[Saved data entries]
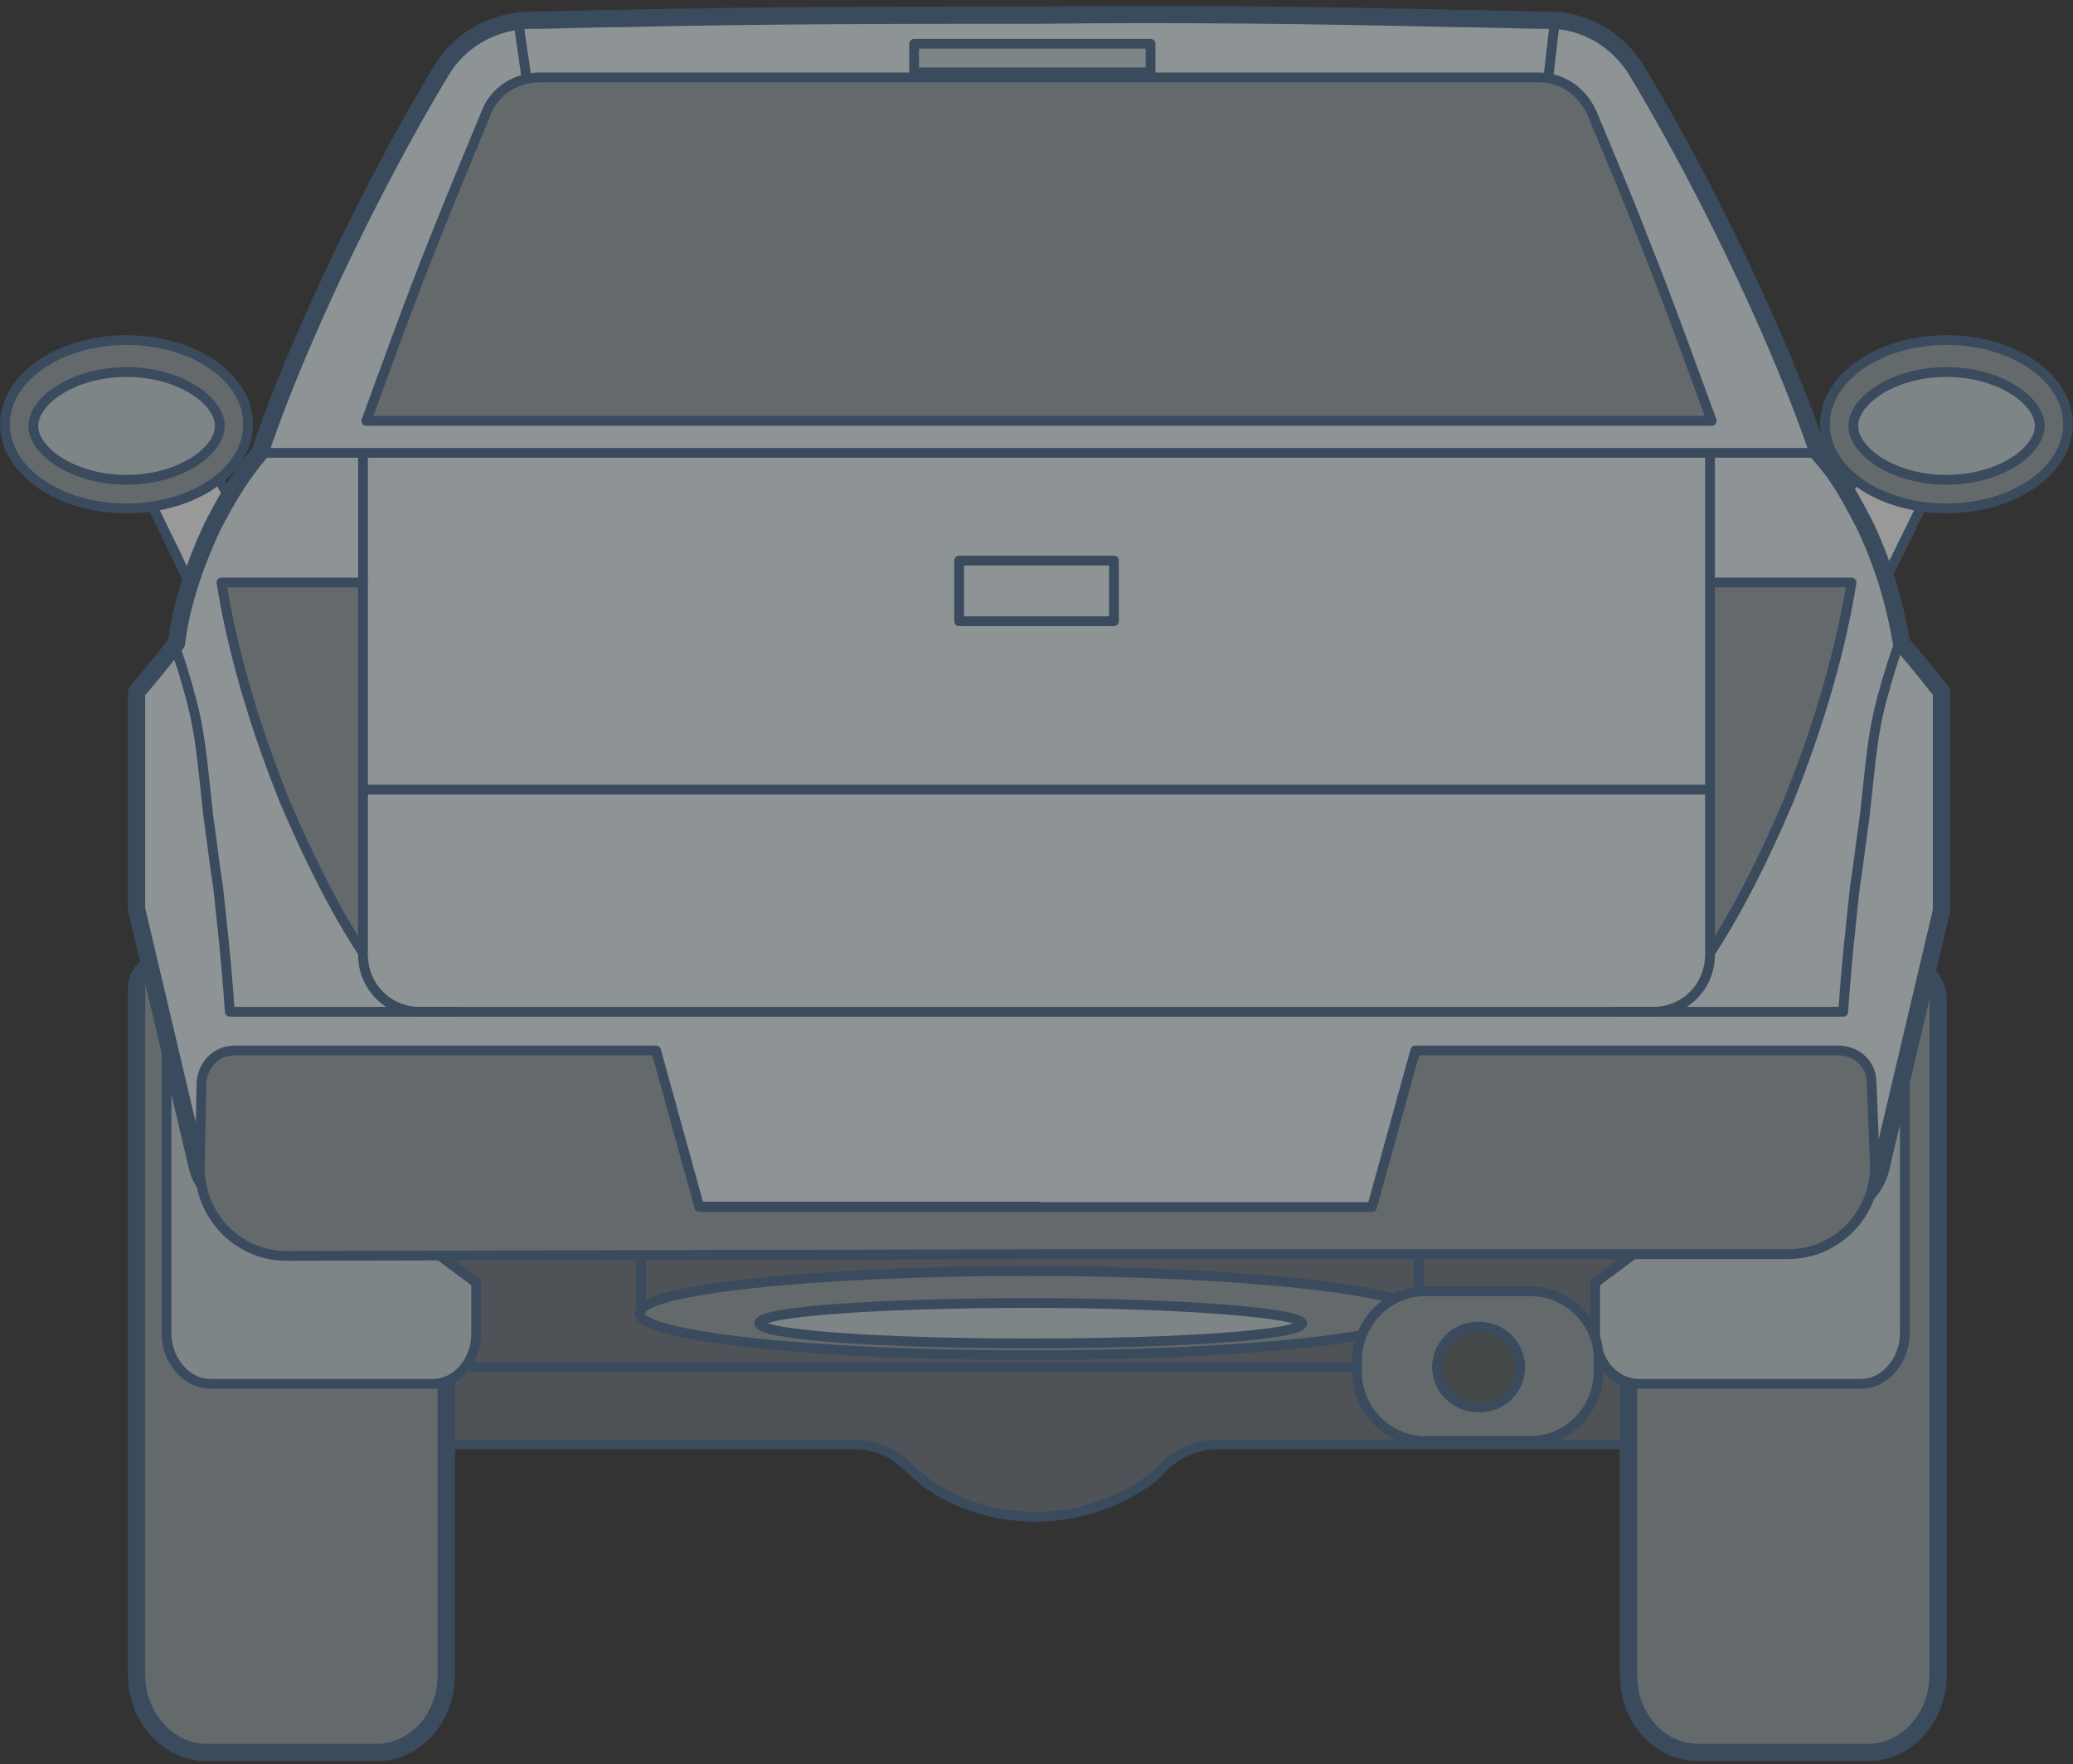 <svg width="161" height="137" viewBox="0 0 161 137" fill="none" xmlns="http://www.w3.org/2000/svg">
<rect x="0" y="0" width="161" height="137" fill="#333333" stroke="none"/>
<g opacity="0.5" clip-path="url(#clip0_1135_73355)">
<path d="M80.565 95.037H29.484V112.162H35.045H66.469C68.021 112.162 69.443 112.816 70.478 113.862C70.995 114.385 71.513 114.777 72.159 115.3C75.392 117.522 78.884 117.784 80.435 117.784C81.987 117.784 85.349 117.522 88.712 115.3C89.358 114.908 90.005 114.385 90.393 113.862C91.557 112.816 92.979 112.162 94.402 112.162H125.826H131.386V95.037H80.565Z" fill="#6C747B" stroke="#416388" stroke-width="0.76" stroke-linejoin="round"/>
<path d="M35.045 106.149H125.955" stroke="#416388" stroke-width="0.76" stroke-linejoin="round"/>
<path d="M146.002 75.559C147.812 73.99 150.528 75.297 150.528 77.65V130.071C150.528 133.339 148.071 136.085 145.096 136.085H131.906C128.932 136.085 126.475 133.47 126.475 130.071V92.553L146.002 75.559Z" fill="#95A2A6" stroke="#416388" stroke-width="1.344" stroke-linejoin="round"/>
<path d="M13.968 75.428C12.804 74.121 10.605 74.905 10.605 76.736V130.071C10.605 133.339 13.062 136.085 16.037 136.085H29.227C32.202 136.085 34.658 133.47 34.658 130.071V98.436L13.968 75.428Z" fill="#95A2A6" stroke="#416388" stroke-width="1.344" stroke-linejoin="round"/>
<path d="M12.932 81.703V103.534C12.932 105.626 14.483 107.456 16.294 107.456H33.622C35.433 107.456 36.985 105.757 36.985 103.534V99.612L12.932 81.703Z" fill="#C7D8DC" stroke="#416388" stroke-width="0.76" stroke-linejoin="round"/>
<path d="M147.94 81.703V103.534C147.94 105.626 146.388 107.456 144.577 107.456H127.249C125.439 107.456 123.887 105.757 123.887 103.534V99.612L147.94 81.703Z" fill="#C7D8DC" stroke="#416388" stroke-width="0.76" stroke-linejoin="round"/>
<path d="M16.036 47.584C16.553 46.016 17.329 44.055 18.364 42.094C18.623 41.702 18.752 41.309 19.011 40.917L16.683 36.603L11.381 38.303C12.027 39.741 12.803 41.309 13.579 42.878C14.355 44.578 15.131 46.146 16.036 47.584Z" fill="white" stroke="#416388" stroke-width="0.76" stroke-linejoin="round"/>
<path d="M19.269 32.943C19.269 29.282 15.002 26.407 9.829 26.407C4.656 26.407 0.389 29.282 0.389 32.943C0.389 36.603 4.656 39.479 9.829 39.479C15.002 39.479 19.269 36.603 19.269 32.943Z" fill="#95A2A6" stroke="#416388" stroke-width="0.76" stroke-linejoin="round"/>
<path d="M9.83 37.257C5.691 37.257 2.588 35.035 2.588 33.074C2.588 31.113 5.691 28.89 9.83 28.89C13.968 28.89 17.071 31.113 17.071 33.074C17.071 35.035 13.968 37.257 9.83 37.257Z" fill="#C7D8DC" stroke="#416388" stroke-width="0.76" stroke-linejoin="round"/>
<path d="M144.965 47.584C144.447 46.015 143.671 44.054 142.637 42.094C142.378 41.701 142.249 41.309 141.99 40.917L144.318 36.734L149.62 38.433C148.973 39.871 148.197 41.44 147.422 43.009C146.646 44.577 145.87 46.146 144.965 47.584Z" fill="white" stroke="#416388" stroke-width="0.76" stroke-linejoin="round"/>
<path d="M151.173 39.479C156.386 39.479 160.613 36.553 160.613 32.943C160.613 29.333 156.386 26.407 151.173 26.407C145.959 26.407 141.732 29.333 141.732 32.943C141.732 36.553 145.959 39.479 151.173 39.479Z" fill="#95A2A6" stroke="#416388" stroke-width="0.76" stroke-linejoin="round"/>
<path d="M151.173 37.257C155.312 37.257 158.415 35.035 158.415 33.074C158.415 31.113 155.312 28.89 151.173 28.89C147.035 28.89 143.932 31.113 143.932 33.074C143.932 35.035 147.035 37.257 151.173 37.257Z" fill="#C7D8DC" stroke="#416388" stroke-width="0.76" stroke-linejoin="round"/>
<path d="M80.566 94.122H141.733C143.932 94.122 145.742 92.553 146.13 90.462L150.785 70.722V53.728C149.751 52.421 148.716 51.114 147.682 49.937C147.294 47.584 146.518 44.316 144.837 40.786C143.414 38.041 142.638 36.734 141.216 35.165C139.276 29.413 136.043 22.093 132.552 15.295C130.741 11.765 128.931 8.497 127.12 5.49C125.698 3.137 123.112 1.569 120.396 1.569C117.939 1.569 115.611 1.438 113.154 1.438C102.162 1.177 91.299 1.046 80.695 1.177C70.091 1.177 59.229 1.177 48.237 1.438C45.78 1.438 43.452 1.569 40.995 1.569C38.15 1.699 35.693 3.137 34.27 5.49C32.46 8.497 30.65 11.765 28.839 15.295C25.348 22.093 22.115 29.413 20.175 35.165C18.882 36.734 17.977 38.041 16.554 40.786C14.873 44.316 13.968 47.584 13.709 49.937C12.675 51.244 11.64 52.551 10.605 53.728V70.592L15.261 90.331C15.649 92.423 17.589 93.991 19.658 93.991H80.566V94.122Z" fill="#EAF5F9" stroke="#416388" stroke-width="1.344" stroke-linejoin="round"/>
<path d="M28.191 45.231H17.199C17.975 50.068 19.527 55.819 22.113 62.225C24.053 66.8 26.122 70.853 28.191 73.99C28.191 64.447 28.191 54.904 28.191 45.231Z" fill="#95A2A6" stroke="#416388" stroke-width="0.76" stroke-linejoin="round"/>
<path d="M28.191 45.231V35.165" stroke="#416388" stroke-width="0.76" stroke-linejoin="round"/>
<path d="M13.449 49.806C13.837 50.852 14.354 52.421 14.872 54.382C15.518 56.865 15.648 58.434 16.165 63.271C16.682 66.931 16.553 66.408 16.941 68.892C17.199 71.376 17.587 74.644 17.846 78.566H35.562" stroke="#416388" stroke-width="0.76" stroke-linejoin="round"/>
<path d="M40.865 5.883L40.219 1.438" stroke="#416388" stroke-width="0.76" stroke-linejoin="round"/>
<path d="M132.809 45.231H143.801C143.025 50.068 141.473 55.819 138.887 62.225C136.947 66.8 134.878 70.853 132.809 73.99C132.809 64.447 132.809 54.904 132.809 45.231Z" fill="#95A2A6" stroke="#416388" stroke-width="0.76" stroke-linejoin="round"/>
<path d="M80.566 32.681C98.024 32.681 115.482 32.681 132.94 32.681C131.258 28.106 129.577 23.4 127.638 18.563C126.344 15.164 124.922 11.896 123.629 8.758C122.853 7.059 121.301 6.013 119.491 6.013H80.695H41.9C40.09 6.013 38.409 7.059 37.762 8.758C36.469 11.896 35.046 15.295 33.753 18.563C31.813 23.4 30.132 28.106 28.451 32.681C45.65 32.681 63.108 32.681 80.566 32.681Z" fill="#95A2A6" stroke="#416388" stroke-width="0.76" stroke-linejoin="round"/>
<path d="M141.086 35.165H80.566H19.916" stroke="#416388" stroke-width="0.76" stroke-linejoin="round"/>
<path d="M132.809 45.231V35.165" stroke="#416388" stroke-width="0.76" stroke-linejoin="round"/>
<path d="M132.809 74.121C132.809 76.605 130.869 78.566 128.412 78.566H80.565H32.588C30.131 78.566 28.191 76.605 28.191 74.121" stroke="#416388" stroke-width="0.76" stroke-linejoin="round"/>
<path d="M147.551 49.806C147.163 50.852 146.646 52.421 146.129 54.382C145.482 56.865 145.353 58.434 144.835 63.271C144.318 66.931 144.448 66.408 144.06 68.892C143.801 71.376 143.413 74.644 143.154 78.566H125.309" stroke="#416388" stroke-width="0.76" stroke-linejoin="round"/>
<path d="M80.566 97.39H138.888C142.639 97.39 145.742 94.253 145.613 90.331L145.354 84.056C145.354 82.618 144.19 81.573 142.768 81.573H109.921L106.559 93.73H80.566H54.315L50.953 81.573H18.235C16.813 81.573 15.778 82.618 15.649 84.056L15.52 90.462C15.39 94.253 18.365 97.521 22.244 97.521L80.566 97.39Z" fill="#95A2A6" stroke="#416388" stroke-width="0.76" stroke-linejoin="round"/>
<path d="M132.809 61.31H80.565H28.191" stroke="#416388" stroke-width="0.76" stroke-linejoin="round"/>
<path d="M120.266 5.883L120.783 1.438" stroke="#416388" stroke-width="0.76" stroke-linejoin="round"/>
<path d="M86.515 43.532H74.488V48.238H86.515V43.532Z" stroke="#416388" stroke-width="0.76" stroke-linejoin="round"/>
<path d="M110.179 101.966C110.179 103.796 96.6 105.234 79.918 105.234C63.236 105.234 49.658 103.796 49.658 101.966C49.658 100.135 63.236 98.698 79.918 98.698C96.73 98.698 110.179 100.266 110.179 101.966Z" fill="#95A2A6" stroke="#416388" stroke-width="0.76" stroke-linejoin="round"/>
<path d="M101.126 102.75C101.126 103.665 91.686 104.319 80.047 104.319C68.409 104.319 58.969 103.665 58.969 102.75C58.969 101.835 68.409 101.181 80.047 101.181C91.686 101.181 101.126 101.966 101.126 102.75Z" fill="#C7D8DC" stroke="#416388" stroke-width="0.76" stroke-linejoin="round"/>
<path d="M49.787 101.966V97.39" stroke="#416388" stroke-width="0.76" stroke-linejoin="round"/>
<path d="M110.18 101.966V97.39" stroke="#416388" stroke-width="0.76" stroke-linejoin="round"/>
<path d="M89.359 3.399H70.996V5.621H89.359V3.399Z" fill="#C7D8DC" stroke="#416388" stroke-width="0.76" stroke-linejoin="round"/>
<path d="M118.844 100.266H110.697C107.722 100.266 105.395 102.75 105.395 105.626V106.541C105.395 109.548 107.852 111.901 110.697 111.901H118.844C121.818 111.901 124.146 109.417 124.146 106.541V105.626C124.275 102.75 121.818 100.266 118.844 100.266Z" fill="#95A2A6" stroke="#416388" stroke-width="0.76" stroke-linejoin="round"/>
<path d="M118.067 106.149C118.067 104.449 116.645 103.011 114.834 103.011C113.024 103.011 111.602 104.449 111.602 106.149C111.602 107.848 113.024 109.286 114.834 109.286C116.645 109.286 118.067 107.979 118.067 106.149Z" fill="#555D5F" stroke="#416388" stroke-width="0.76" stroke-linejoin="round"/>
</g>
<defs>
<clipPath id="clip0_1135_73355">
<rect width="161" height="137" fill="white"/>
</clipPath>
</defs>
</svg>

Assignment: Your task is to restate word for word the lines from the top of the data to the line containing "95.037H29.484V112.162H35.045H66.469C68.021 112.162 69.443", both ends included, with every picture left out.

Written answer:
 <svg width="161" height="137" viewBox="0 0 161 137" fill="none" xmlns="http://www.w3.org/2000/svg">
<rect x="0" y="0" width="161" height="137" fill="#333333" stroke="none"/>
<g opacity="0.5" clip-path="url(#clip0_1135_73355)">
<path d="M80.565 95.037H29.484V112.162H35.045H66.469C68.021 112.162 69.443 112.816 70.478 113.862C70.995 114.385 71.513 114.777 72.159 115.3C75.392 117.522 78.884 117.784 80.435 117.784C81.987 117.784 85.349 117.522 88.712 115.3C89.358 114.908 90.005 114.385 90.393 113.862C91.557 112.816 92.979 112.162 94.402 112.162H125.826H131.386V95.037H80.565Z" fill="#6C747B" stroke="#416388" stroke-width="0.76" stroke-linejoin="round"/>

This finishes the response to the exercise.